Si l'affaire passe devant le tribunal, il faut parfois des années avant que la justice tranche. Les petits propriétaires sont de peu de poids face aux puissantes agences immobilières. Souvent, les centres d'aide légale perdent leurs procès. Alors ils conseillent aux gens d'agir comme Asuman: de vendre au plus vite avant qu'il ne soit trop tard.
Les Etats-Unis ont toujours encouragé l'idée de la propriété. «Une nation de propriétaires est imbattable», disait déjà Franklin Roosevelt.

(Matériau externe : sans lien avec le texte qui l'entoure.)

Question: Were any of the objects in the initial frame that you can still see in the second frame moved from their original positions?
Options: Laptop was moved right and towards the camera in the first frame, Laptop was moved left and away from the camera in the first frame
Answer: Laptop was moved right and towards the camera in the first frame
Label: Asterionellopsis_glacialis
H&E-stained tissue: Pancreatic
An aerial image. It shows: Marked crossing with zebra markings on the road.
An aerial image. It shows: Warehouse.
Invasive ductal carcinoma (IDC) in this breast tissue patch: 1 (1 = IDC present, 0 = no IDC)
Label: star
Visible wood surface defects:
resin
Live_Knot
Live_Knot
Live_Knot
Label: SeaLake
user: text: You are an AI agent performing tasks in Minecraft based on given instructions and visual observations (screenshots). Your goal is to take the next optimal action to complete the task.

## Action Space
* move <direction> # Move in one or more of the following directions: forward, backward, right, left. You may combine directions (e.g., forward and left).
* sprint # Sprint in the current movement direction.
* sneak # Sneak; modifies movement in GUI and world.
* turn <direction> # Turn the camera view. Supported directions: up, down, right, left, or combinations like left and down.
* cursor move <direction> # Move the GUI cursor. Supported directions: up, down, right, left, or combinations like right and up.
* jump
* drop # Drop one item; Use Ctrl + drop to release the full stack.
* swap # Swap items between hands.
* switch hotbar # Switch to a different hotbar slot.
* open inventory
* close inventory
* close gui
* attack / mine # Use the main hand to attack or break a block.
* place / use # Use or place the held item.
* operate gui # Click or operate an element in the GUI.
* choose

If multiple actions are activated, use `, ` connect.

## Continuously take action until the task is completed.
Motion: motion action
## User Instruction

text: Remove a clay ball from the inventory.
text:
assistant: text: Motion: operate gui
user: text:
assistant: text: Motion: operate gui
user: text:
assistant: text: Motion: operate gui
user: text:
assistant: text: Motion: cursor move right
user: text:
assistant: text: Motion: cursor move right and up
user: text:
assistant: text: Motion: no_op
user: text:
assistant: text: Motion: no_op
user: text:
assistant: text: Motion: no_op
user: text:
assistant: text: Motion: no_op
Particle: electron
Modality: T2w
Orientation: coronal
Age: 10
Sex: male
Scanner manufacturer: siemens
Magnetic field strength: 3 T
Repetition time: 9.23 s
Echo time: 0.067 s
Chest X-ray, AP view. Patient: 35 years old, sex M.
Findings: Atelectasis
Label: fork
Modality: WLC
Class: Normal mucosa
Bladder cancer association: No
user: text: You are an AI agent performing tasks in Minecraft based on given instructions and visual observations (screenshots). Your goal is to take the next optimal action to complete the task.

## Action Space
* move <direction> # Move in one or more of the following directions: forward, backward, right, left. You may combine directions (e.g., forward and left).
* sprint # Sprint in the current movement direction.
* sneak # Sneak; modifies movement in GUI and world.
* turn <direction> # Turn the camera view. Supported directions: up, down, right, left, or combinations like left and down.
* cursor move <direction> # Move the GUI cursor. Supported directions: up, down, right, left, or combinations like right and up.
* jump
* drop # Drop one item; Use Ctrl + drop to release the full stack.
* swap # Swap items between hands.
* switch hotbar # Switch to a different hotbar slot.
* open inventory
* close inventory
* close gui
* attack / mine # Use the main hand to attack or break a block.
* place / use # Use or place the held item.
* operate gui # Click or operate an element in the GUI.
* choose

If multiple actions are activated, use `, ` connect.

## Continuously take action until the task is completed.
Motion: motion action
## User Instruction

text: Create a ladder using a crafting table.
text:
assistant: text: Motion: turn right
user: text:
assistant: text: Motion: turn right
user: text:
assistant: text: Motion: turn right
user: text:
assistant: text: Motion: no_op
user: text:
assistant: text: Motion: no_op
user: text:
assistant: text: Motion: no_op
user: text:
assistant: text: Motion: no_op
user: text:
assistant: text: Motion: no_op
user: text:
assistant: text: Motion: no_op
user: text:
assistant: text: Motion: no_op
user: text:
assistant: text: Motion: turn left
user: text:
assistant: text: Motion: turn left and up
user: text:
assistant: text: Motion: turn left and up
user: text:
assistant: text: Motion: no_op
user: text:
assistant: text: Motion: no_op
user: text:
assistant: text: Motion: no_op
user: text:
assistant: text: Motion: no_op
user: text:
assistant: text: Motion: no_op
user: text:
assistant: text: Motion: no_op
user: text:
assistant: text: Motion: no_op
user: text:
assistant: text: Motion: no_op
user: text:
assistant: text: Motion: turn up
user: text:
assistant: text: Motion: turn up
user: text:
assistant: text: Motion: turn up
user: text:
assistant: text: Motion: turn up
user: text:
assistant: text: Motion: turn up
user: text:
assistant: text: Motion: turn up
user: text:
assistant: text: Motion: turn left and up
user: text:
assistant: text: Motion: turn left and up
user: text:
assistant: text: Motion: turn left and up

Partant sans doute du même principe, l'administration de George Bush a tout fait pour privilégier l'accession au statut de propriétaire, faisant même de juin «le mois de la propriété nationale». Mais traditionnellement, les banques s'en tenaient à ce que l'on a appelé ici le «redlining», une pratique illégale de discrimination raciale qui a consisté à éviter certains quartiers (surtout noirs ou hispaniques) considérés comme trop risqués. S'ils voulaient acheter une maison, les habitants n'avaient donc qu'une solution: se tourner vers les agences moins scrupuleuses qui leur offraient des prêts à n'importe quelle condition. «Nous sommes passés de la situation où on ne prêtait pas à celle de prêter à tour de bras», résume l'avocat.
Pour les prêteurs, c'est une affaire en or. Au-delà des commissions et des primes faramineuses, il y a toujours la possibilité de saisir la maison. Mais très souvent, ils n'ont pas beaucoup de fonds eux-mêmes. Ces prêts sont ensuite négociés avec des grandes banques, puis revendus par milliers à des investisseurs à Wall Street. «Il y a en jeu des profits gigantesques, s'insurge Oda Friedheim. Tout le monde sait que ces prêts ne sont pas vivables pour les emprunteurs. Mais pour ces gens, cela n'a aucune importance. Ils s'enrichissent sur le dos des pauvres.»